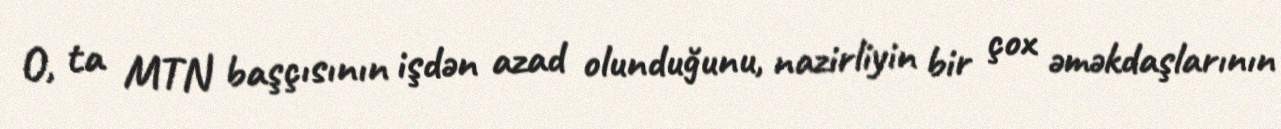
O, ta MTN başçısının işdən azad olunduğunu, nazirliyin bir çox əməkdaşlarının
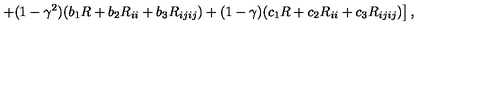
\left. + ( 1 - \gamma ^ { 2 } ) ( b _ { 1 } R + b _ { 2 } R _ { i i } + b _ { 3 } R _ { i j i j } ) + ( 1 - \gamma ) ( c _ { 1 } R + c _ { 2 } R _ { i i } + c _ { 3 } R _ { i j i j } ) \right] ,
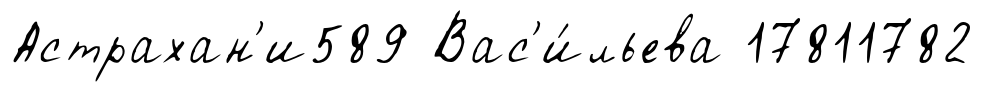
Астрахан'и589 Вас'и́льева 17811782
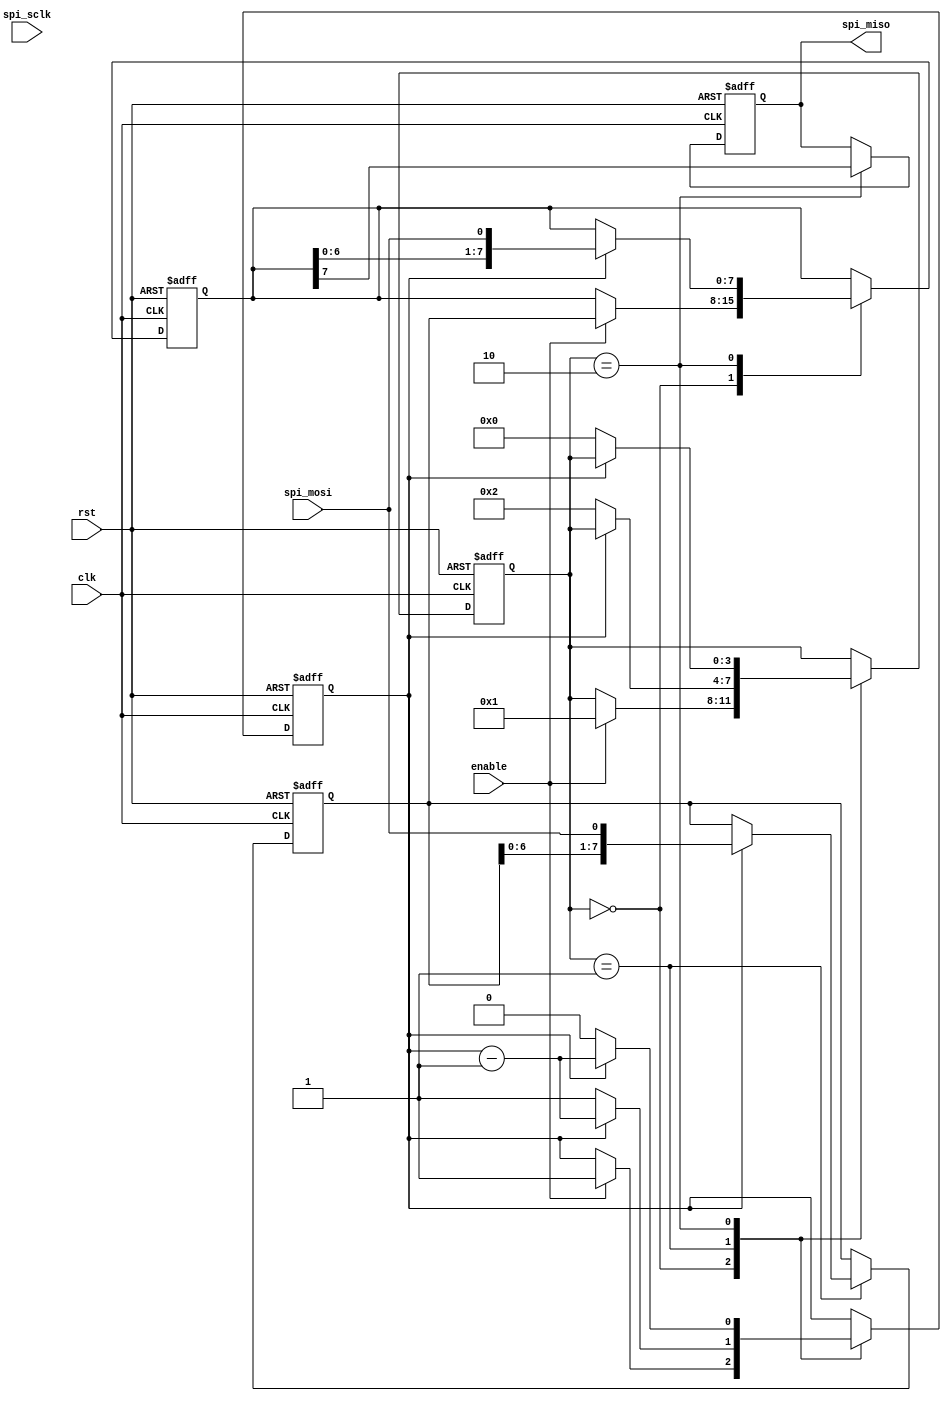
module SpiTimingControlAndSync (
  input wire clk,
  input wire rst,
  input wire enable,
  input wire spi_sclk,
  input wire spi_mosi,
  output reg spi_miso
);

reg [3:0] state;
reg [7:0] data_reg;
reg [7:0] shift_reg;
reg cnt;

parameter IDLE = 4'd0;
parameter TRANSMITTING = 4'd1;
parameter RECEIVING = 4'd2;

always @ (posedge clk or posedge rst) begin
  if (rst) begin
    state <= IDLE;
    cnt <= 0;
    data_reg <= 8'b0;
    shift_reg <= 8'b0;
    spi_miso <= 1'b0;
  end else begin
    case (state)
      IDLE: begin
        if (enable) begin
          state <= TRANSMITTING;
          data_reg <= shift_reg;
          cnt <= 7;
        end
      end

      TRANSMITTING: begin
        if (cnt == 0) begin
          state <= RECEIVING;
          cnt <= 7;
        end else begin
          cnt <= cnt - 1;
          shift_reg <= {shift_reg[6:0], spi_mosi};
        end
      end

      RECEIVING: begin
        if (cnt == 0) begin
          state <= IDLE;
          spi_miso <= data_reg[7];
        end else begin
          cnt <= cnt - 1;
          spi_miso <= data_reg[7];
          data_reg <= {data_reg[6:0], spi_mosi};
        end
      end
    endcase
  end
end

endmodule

Aim of the exercise ->
The answer must be the number of lines in the records where the string "RECEIVING" is found, stated alone.

Finished task ->
3